Source data

-*-*-

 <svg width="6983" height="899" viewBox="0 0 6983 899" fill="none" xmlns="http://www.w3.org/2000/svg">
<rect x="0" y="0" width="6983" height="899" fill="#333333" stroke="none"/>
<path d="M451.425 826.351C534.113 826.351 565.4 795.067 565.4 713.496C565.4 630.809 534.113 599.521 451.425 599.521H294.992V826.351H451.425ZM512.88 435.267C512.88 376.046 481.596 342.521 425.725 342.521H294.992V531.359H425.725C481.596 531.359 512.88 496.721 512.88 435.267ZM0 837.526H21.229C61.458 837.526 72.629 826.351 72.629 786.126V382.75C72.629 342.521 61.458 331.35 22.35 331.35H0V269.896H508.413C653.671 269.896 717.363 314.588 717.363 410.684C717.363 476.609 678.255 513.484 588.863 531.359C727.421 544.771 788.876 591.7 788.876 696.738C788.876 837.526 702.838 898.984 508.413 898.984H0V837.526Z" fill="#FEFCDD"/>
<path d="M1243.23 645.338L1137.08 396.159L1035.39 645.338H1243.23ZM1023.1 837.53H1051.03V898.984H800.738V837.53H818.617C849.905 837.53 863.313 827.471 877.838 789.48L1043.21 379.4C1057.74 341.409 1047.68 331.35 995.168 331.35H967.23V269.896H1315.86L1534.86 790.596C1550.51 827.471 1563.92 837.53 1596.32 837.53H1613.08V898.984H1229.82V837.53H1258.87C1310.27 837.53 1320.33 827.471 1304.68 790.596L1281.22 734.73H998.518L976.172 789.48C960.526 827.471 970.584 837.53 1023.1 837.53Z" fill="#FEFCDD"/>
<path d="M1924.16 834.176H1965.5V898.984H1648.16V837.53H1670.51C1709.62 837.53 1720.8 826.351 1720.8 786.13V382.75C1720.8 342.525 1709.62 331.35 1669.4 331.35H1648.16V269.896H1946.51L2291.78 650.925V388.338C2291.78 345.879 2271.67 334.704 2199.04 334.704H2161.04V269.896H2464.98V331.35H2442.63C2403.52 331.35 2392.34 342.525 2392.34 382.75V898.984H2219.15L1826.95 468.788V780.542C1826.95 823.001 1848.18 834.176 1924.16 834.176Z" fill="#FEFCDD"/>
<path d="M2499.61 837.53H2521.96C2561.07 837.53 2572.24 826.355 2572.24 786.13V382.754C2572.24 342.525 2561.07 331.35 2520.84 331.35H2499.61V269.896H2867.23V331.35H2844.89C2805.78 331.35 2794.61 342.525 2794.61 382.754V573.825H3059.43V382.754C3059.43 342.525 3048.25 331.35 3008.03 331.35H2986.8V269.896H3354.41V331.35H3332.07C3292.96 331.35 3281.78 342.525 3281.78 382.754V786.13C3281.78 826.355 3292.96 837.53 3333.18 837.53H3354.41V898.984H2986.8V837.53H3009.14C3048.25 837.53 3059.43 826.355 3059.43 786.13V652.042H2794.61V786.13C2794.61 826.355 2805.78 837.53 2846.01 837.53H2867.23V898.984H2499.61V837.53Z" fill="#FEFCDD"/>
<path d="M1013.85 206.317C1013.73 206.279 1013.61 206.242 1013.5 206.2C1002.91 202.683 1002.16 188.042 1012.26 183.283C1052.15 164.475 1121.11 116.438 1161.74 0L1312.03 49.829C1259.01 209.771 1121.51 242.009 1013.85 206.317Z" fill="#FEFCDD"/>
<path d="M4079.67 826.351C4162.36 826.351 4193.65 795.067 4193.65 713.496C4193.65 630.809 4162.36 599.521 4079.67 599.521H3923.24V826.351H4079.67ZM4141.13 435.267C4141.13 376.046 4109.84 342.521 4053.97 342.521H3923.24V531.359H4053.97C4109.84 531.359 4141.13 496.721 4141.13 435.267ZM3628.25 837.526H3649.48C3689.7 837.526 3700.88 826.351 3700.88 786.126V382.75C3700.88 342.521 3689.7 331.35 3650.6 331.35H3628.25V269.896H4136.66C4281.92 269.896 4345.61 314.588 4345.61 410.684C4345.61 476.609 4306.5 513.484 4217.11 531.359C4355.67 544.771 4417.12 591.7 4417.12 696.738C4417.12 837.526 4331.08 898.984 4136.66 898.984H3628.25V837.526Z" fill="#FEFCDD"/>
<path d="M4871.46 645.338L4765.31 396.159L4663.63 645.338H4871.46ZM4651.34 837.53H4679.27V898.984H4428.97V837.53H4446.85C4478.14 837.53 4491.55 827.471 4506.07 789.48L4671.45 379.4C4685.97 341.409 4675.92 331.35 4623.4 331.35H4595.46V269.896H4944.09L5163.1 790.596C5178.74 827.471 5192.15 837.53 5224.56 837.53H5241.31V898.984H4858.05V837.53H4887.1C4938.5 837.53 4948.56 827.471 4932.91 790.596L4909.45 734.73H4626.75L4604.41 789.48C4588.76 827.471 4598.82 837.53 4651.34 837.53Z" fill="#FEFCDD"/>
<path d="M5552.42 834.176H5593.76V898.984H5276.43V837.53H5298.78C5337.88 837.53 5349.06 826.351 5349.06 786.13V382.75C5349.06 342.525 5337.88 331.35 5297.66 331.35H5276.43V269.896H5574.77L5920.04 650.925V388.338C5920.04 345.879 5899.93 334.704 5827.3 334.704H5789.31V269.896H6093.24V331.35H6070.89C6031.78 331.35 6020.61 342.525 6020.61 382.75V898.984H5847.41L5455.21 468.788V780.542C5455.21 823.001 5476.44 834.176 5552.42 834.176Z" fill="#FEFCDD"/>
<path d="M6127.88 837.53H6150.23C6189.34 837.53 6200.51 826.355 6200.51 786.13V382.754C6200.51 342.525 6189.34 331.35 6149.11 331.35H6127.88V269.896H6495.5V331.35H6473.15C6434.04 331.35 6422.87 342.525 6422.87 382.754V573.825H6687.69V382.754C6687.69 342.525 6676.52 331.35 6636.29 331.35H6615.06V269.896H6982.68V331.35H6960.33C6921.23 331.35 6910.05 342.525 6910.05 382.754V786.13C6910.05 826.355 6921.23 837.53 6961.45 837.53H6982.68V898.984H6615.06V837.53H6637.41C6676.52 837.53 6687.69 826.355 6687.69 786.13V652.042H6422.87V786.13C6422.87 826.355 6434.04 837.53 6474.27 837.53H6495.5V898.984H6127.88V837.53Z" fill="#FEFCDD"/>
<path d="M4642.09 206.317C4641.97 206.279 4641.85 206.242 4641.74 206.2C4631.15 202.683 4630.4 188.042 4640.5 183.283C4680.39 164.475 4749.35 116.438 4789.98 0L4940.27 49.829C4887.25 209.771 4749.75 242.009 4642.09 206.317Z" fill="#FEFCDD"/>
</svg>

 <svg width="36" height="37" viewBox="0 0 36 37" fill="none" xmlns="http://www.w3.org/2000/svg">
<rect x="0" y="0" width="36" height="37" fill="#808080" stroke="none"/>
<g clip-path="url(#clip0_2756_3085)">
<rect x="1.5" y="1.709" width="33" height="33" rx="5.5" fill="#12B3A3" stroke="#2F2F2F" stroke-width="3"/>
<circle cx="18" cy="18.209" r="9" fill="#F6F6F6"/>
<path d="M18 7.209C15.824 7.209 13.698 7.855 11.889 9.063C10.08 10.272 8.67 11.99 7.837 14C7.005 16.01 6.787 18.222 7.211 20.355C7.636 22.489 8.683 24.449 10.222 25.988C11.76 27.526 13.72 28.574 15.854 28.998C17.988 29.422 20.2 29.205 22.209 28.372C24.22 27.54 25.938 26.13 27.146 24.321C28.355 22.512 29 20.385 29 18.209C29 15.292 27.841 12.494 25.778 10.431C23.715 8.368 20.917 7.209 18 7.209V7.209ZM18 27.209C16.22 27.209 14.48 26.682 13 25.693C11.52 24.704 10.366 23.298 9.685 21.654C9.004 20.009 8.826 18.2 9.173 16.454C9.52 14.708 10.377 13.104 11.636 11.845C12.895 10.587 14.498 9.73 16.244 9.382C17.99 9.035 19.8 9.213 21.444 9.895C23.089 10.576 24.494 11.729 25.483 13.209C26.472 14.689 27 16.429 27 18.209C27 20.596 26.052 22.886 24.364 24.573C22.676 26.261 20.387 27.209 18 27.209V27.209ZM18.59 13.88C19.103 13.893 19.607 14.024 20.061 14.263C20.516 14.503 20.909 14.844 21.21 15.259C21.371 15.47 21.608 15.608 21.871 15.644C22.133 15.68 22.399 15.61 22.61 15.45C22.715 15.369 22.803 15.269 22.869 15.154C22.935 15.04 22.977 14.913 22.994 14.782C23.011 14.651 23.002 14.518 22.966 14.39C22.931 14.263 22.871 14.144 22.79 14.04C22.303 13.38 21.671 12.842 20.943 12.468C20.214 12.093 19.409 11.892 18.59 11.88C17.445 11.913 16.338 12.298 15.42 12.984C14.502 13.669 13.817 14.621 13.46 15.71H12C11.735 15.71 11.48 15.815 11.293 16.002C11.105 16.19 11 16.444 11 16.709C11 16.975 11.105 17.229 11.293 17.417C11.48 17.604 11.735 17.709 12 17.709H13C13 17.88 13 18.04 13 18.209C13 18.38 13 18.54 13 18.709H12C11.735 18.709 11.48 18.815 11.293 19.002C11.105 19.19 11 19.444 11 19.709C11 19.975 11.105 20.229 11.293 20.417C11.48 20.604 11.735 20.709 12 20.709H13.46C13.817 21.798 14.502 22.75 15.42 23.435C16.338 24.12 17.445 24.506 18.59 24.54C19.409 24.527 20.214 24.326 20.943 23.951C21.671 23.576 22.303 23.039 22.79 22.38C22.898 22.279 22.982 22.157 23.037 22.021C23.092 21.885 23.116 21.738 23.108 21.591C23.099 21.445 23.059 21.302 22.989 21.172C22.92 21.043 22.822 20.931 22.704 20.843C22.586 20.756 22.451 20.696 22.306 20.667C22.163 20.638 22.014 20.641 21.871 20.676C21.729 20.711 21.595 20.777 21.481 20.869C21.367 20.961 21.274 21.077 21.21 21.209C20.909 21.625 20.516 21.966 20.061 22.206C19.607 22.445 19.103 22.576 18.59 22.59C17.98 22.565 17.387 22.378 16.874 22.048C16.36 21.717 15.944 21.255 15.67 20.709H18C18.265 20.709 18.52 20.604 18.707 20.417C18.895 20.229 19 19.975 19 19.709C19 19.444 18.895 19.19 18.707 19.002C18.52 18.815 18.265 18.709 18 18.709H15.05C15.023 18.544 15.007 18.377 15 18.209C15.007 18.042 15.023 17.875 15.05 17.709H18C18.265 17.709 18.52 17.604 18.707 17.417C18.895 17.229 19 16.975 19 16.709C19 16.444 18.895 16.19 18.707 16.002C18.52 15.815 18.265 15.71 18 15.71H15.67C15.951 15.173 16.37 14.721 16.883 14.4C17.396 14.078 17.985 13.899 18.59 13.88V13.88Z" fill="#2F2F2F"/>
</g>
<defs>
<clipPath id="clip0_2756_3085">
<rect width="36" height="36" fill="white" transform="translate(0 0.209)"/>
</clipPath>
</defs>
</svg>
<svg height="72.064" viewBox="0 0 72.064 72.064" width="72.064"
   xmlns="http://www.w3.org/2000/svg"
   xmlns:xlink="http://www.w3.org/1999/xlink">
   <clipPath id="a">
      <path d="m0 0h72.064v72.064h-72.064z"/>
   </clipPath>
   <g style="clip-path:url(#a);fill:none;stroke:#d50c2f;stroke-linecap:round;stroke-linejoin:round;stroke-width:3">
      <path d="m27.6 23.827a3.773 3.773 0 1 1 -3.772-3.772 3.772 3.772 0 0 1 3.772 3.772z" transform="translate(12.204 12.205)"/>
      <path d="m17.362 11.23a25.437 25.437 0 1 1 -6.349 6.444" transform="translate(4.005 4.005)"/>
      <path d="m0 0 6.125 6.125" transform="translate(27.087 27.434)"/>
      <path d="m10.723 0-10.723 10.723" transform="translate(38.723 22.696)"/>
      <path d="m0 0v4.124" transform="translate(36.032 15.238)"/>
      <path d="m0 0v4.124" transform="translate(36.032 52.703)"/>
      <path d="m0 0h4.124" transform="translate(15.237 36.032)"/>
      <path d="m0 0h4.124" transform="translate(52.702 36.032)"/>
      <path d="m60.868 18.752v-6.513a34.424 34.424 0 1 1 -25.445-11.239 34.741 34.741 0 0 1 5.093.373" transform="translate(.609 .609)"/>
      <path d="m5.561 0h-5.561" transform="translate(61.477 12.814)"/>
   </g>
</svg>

-*-*-

◆ PROBLEM:
Work through the entries, filtering for the string "none", and copy each line that holds it.

◆ EXPECTED ANSWER:
 <svg width="6983" height="899" viewBox="0 0 6983 899" fill="none" xmlns="http://www.w3.org/2000/svg">
<rect x="0" y="0" width="6983" height="899" fill="#333333" stroke="none"/>
 <svg width="36" height="37" viewBox="0 0 36 37" fill="none" xmlns="http://www.w3.org/2000/svg">
<rect x="0" y="0" width="36" height="37" fill="#808080" stroke="none"/>
   <g style="clip-path:url(#a);fill:none;stroke:#d50c2f;stroke-linecap:round;stroke-linejoin:round;stroke-width:3">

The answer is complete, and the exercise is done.